Directions for this task :: Each record should be copied exactly into the answer, and no picture should go with it.

(Data for analysis Opens)

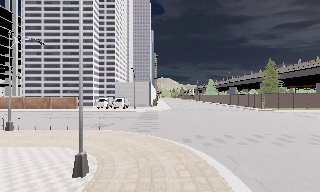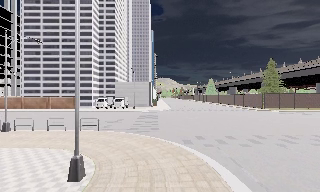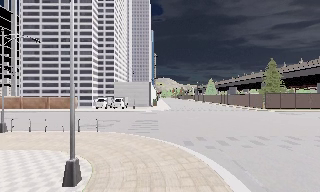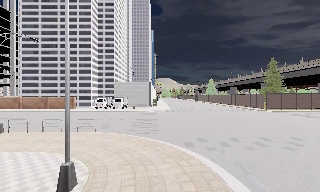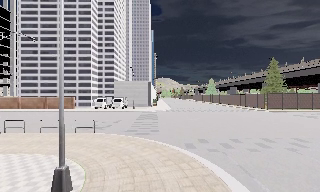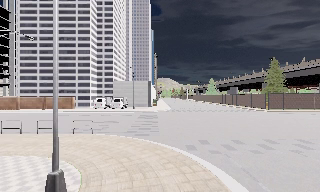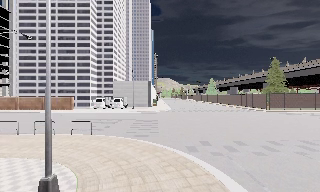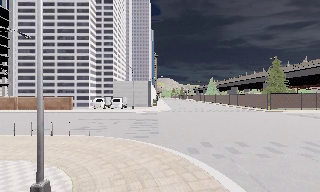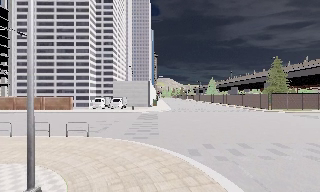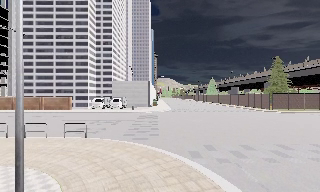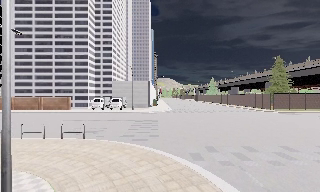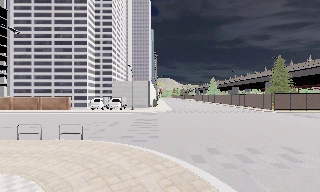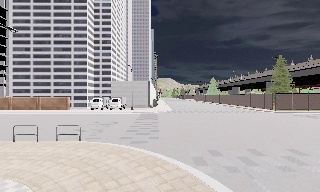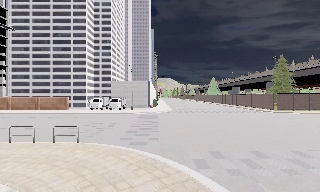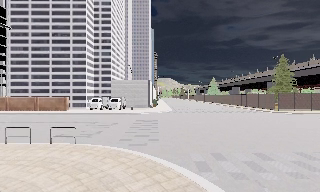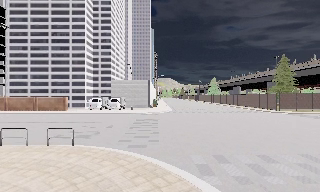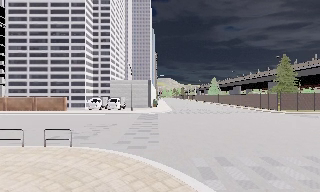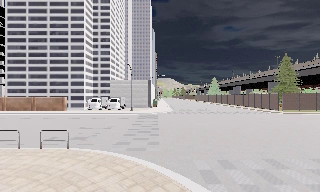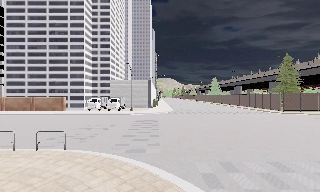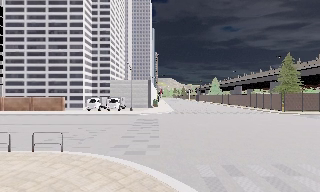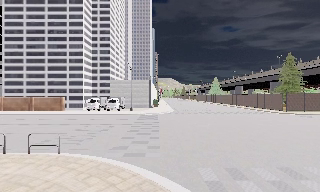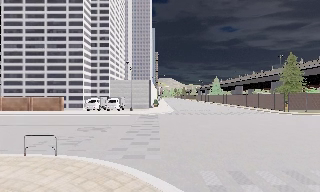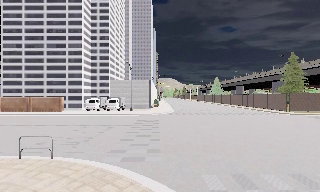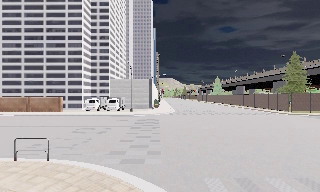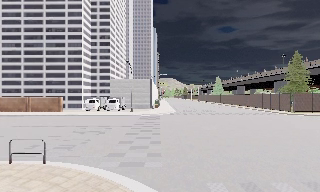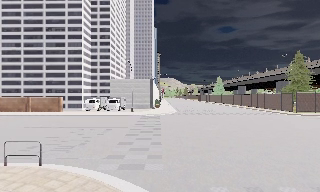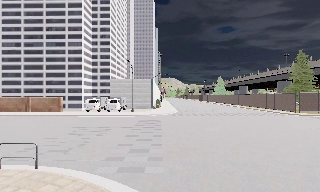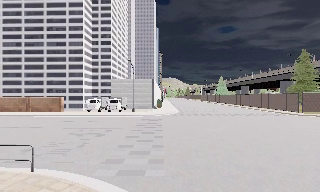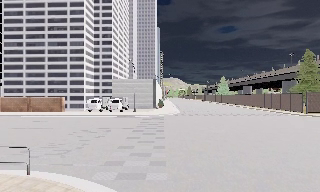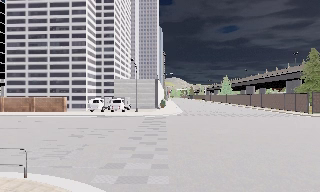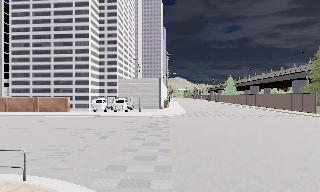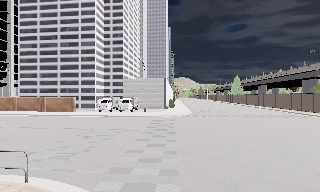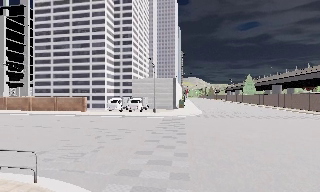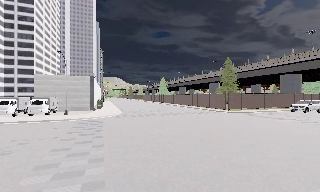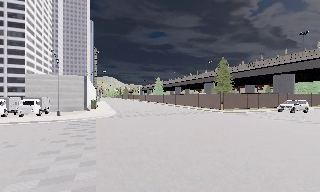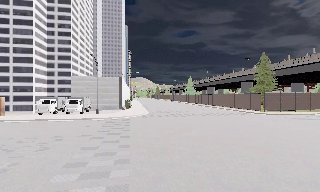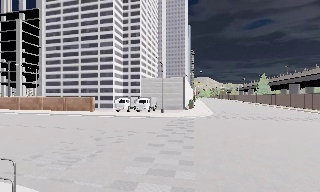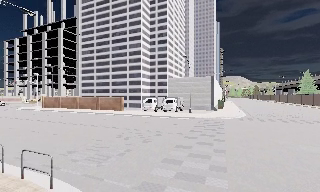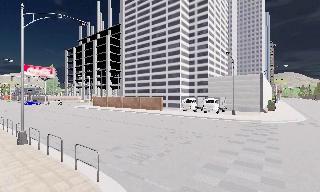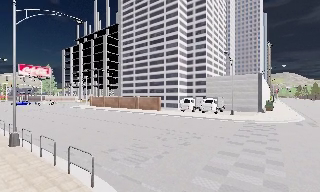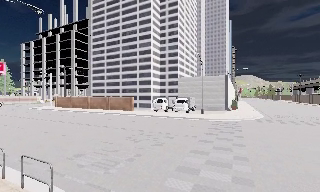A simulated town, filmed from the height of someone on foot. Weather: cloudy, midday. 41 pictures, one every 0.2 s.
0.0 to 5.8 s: The camera travels forward, about 7 m, so what stands in front looms larger.
5.8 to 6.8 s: The camera pans to its right, which is clockwise from overhead, by about 25 degrees. It travels forward, about 1 m, so what stands in front looms larger.
6.8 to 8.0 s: The scene slides to the right, as the camera pans about 45 degrees to its left. It travels forward, about 1.5 m.
The film runs forward here.

(Data for analysis Closes)

The completed task ::
A simulated town, filmed from the height of someone on foot. Weather: cloudy, midday. 41 pictures, one every 0.2 s.
0.0 to 5.8 s: The camera travels forward, about 7 m, so what stands in front looms larger.
5.8 to 6.8 s: The camera pans to its right, which is clockwise from overhead, by about 25 degrees. It travels forward, about 1 m, so what stands in front looms larger.
6.8 to 8.0 s: The scene slides to the right, as the camera pans about 45 degrees to its left. It travels forward, about 1.5 m.
The film runs forward here.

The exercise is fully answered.